Supplied data
+---+
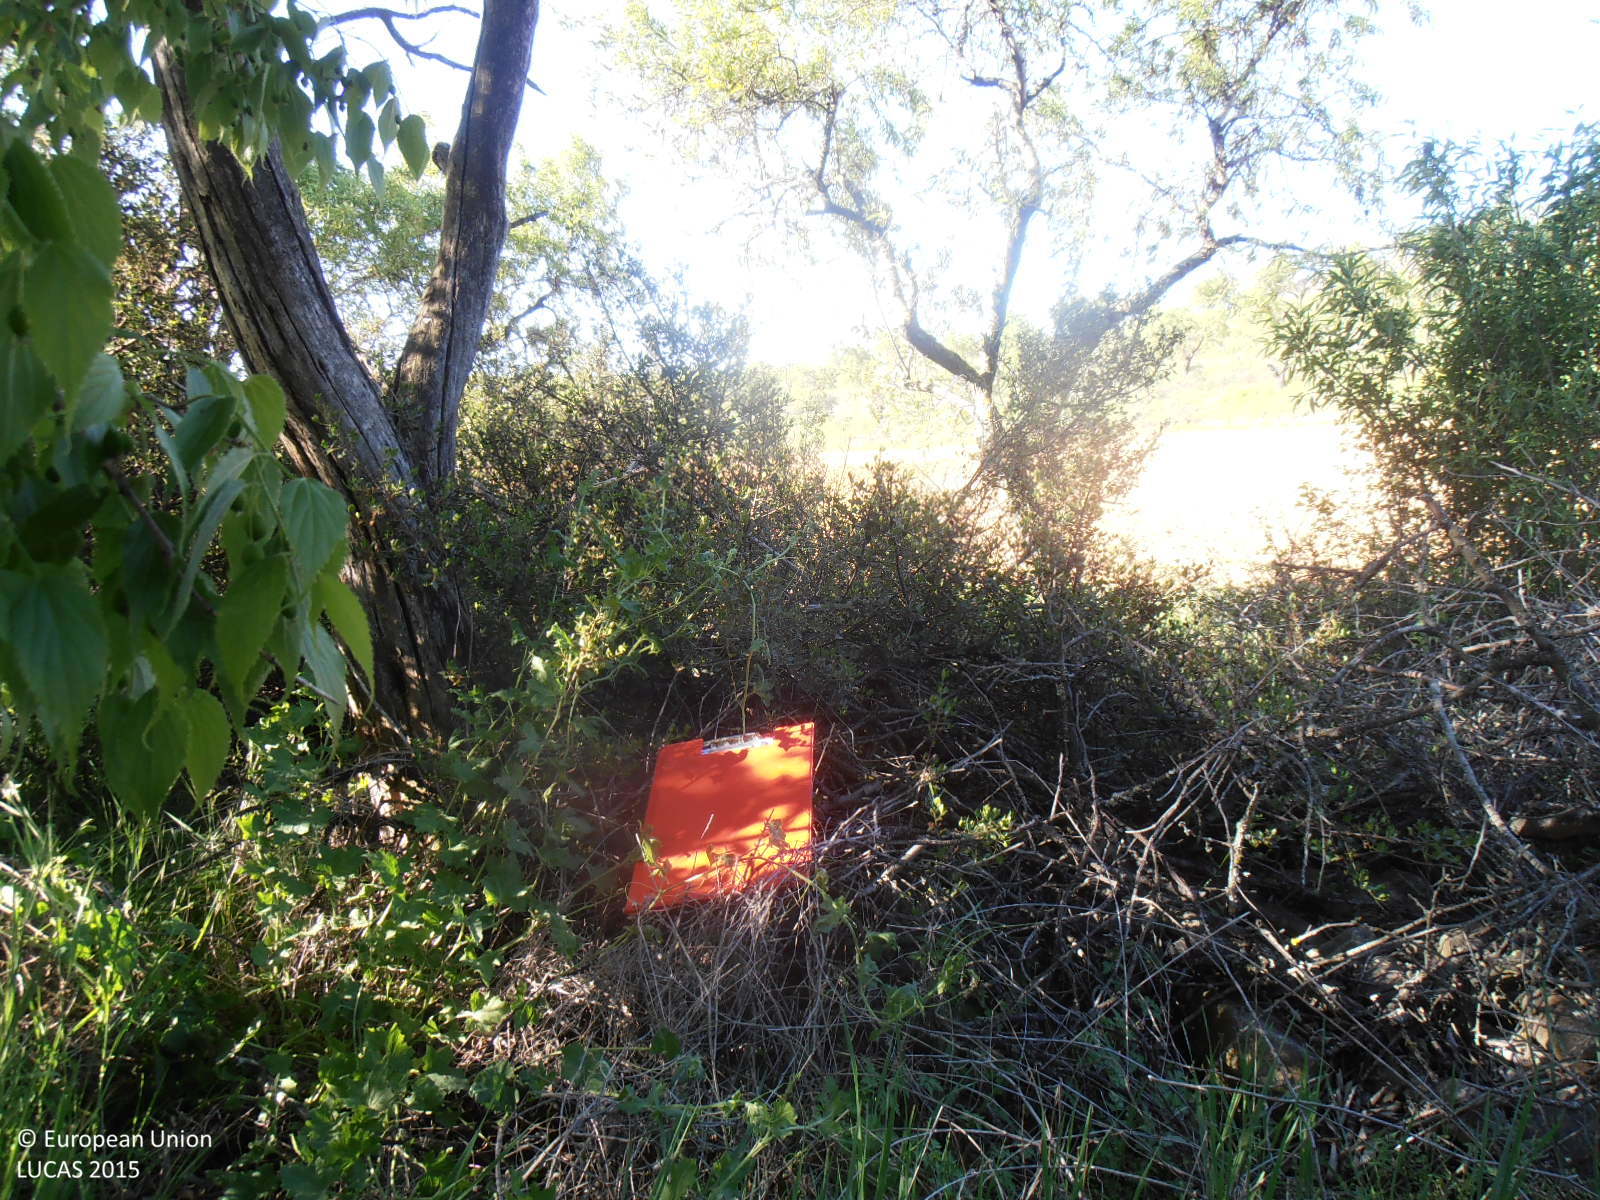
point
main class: Woodland
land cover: Broadleaved woodland
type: thermophilous deciduous forest
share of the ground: > 75 %
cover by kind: broadleaved forest trees 90 %, shrubs 10 %
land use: Semi-natural and natural areas not in use
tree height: < 5 m
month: April
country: ES
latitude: 41.2351
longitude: -0.9832
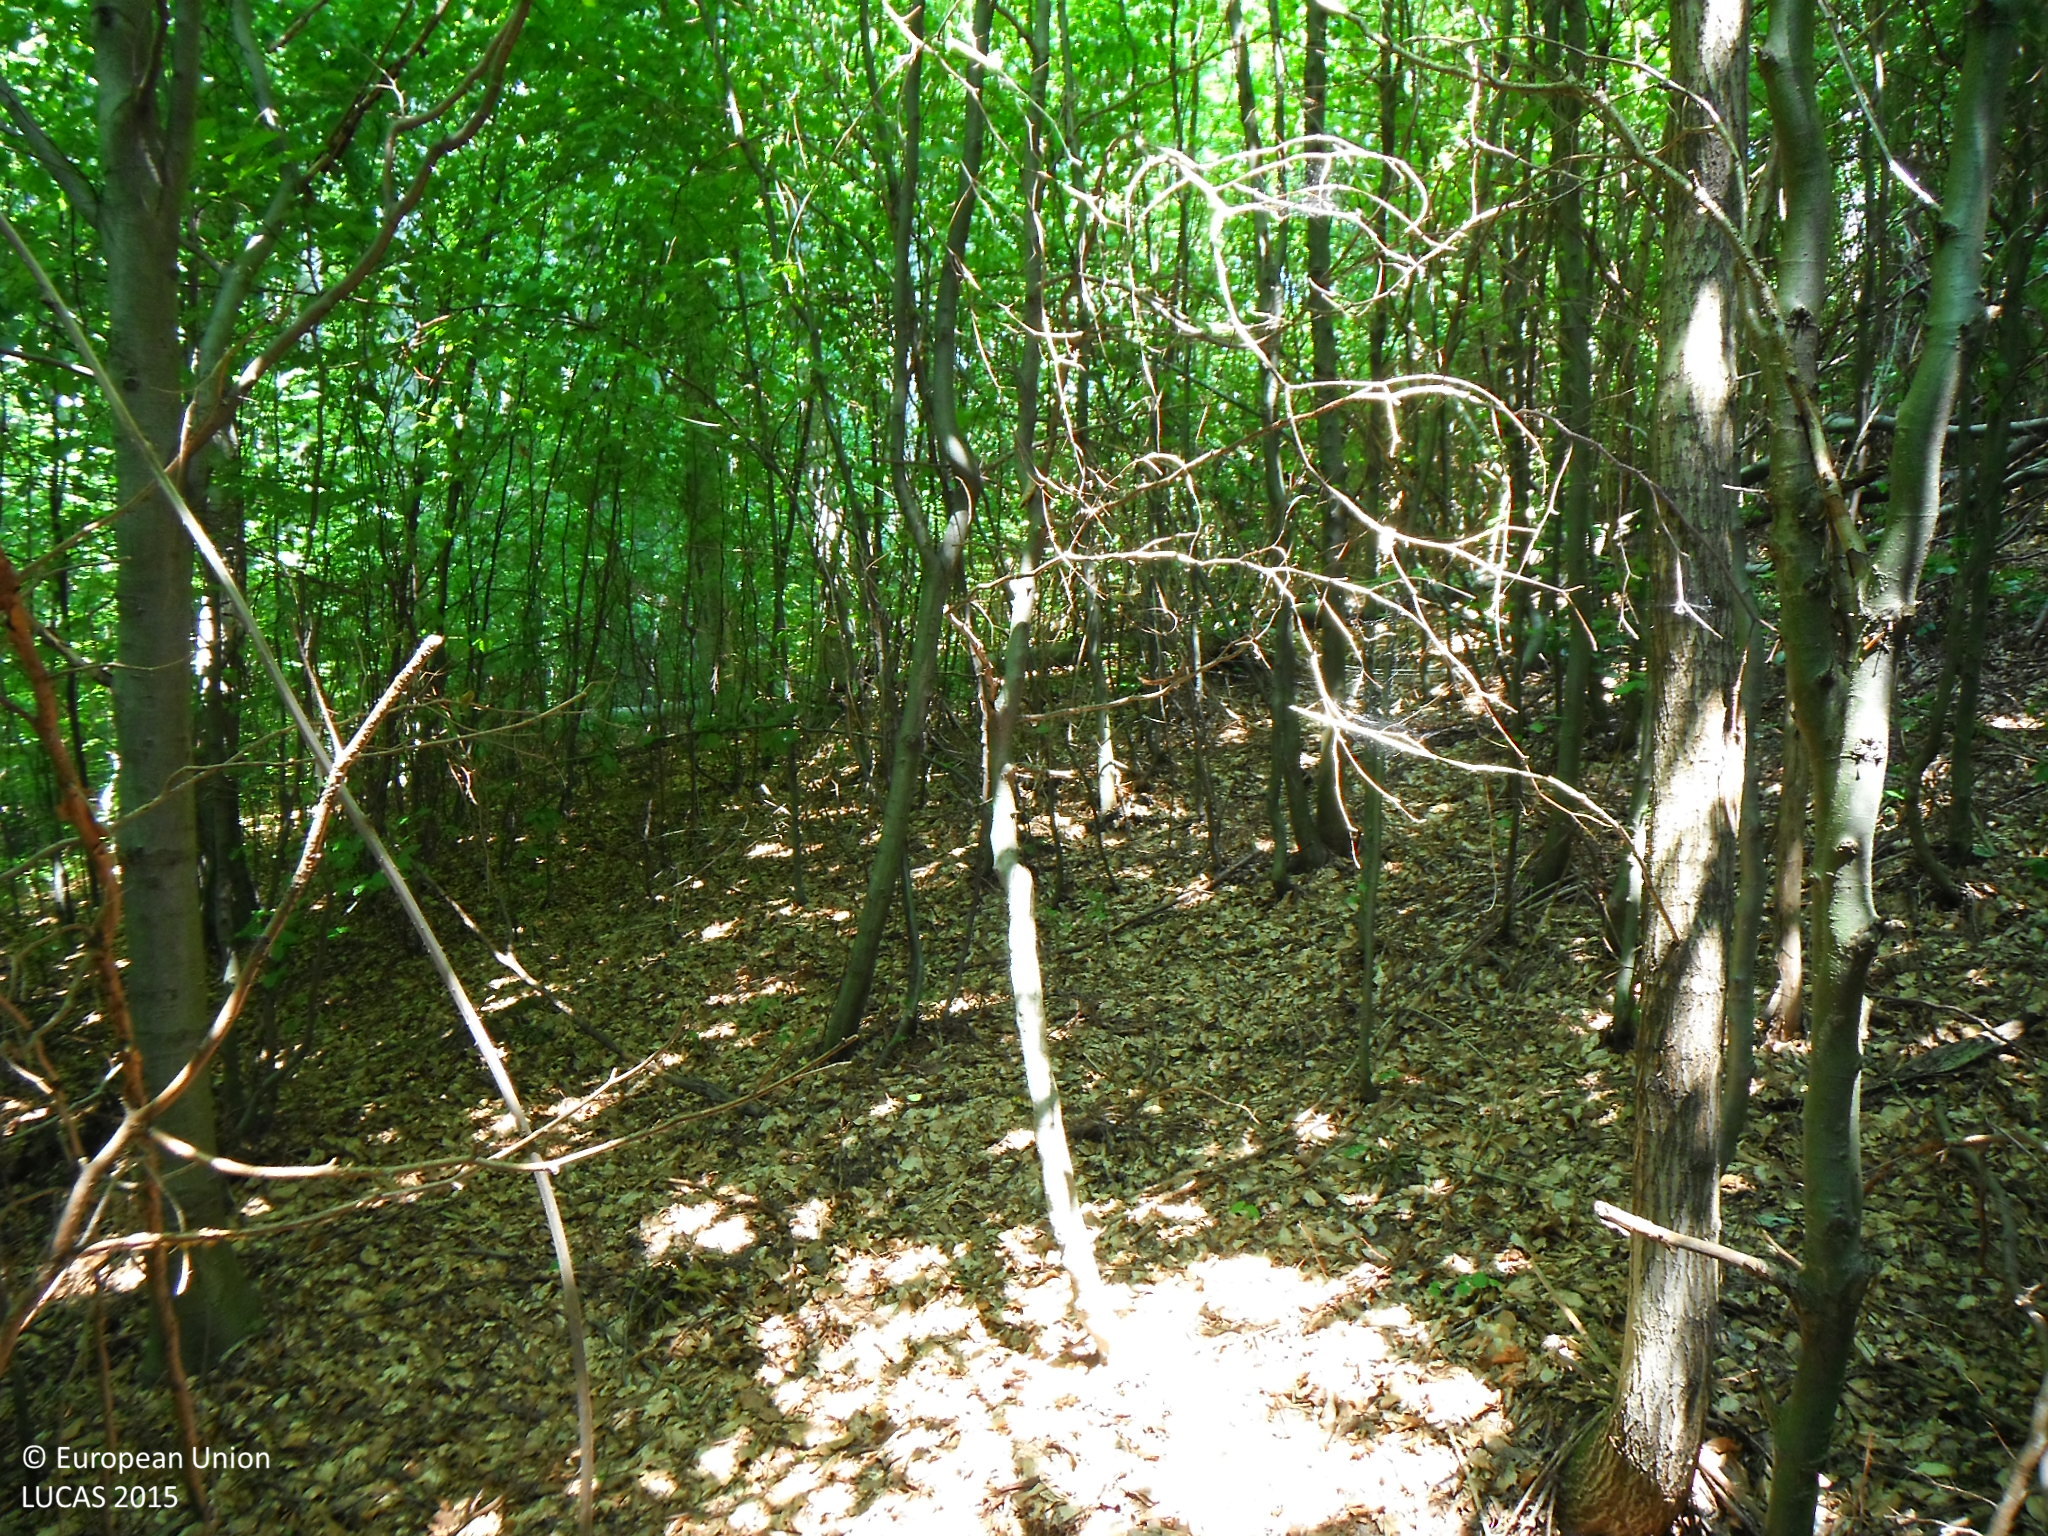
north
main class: Woodland
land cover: Broadleaved woodland
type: beech forest
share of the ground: > 75 %
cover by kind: broadleaved forest trees 100 %
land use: Forestry
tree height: > 5 m
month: July
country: SK
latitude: 49.3526
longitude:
+---+
Exercise requirements
Please repeat the records above exactly, omitting any pictures they contain.

Written answer
point
main class: Woodland
land cover: Broadleaved woodland
type: thermophilous deciduous forest
share of the ground: > 75 %
cover by kind: broadleaved forest trees 90 %, shrubs 10 %
land use: Semi-natural and natural areas not in use
tree height: < 5 m
month: April
country: ES
latitude: 41.2351
longitude: -0.9832
north
main class: Woodland
land cover: Broadleaved woodland
type: beech forest
share of the ground: > 75 %
cover by kind: broadleaved forest trees 100 %
land use: Forestry
tree height: > 5 m
month: July
country: SK
latitude: 49.3526
longitude:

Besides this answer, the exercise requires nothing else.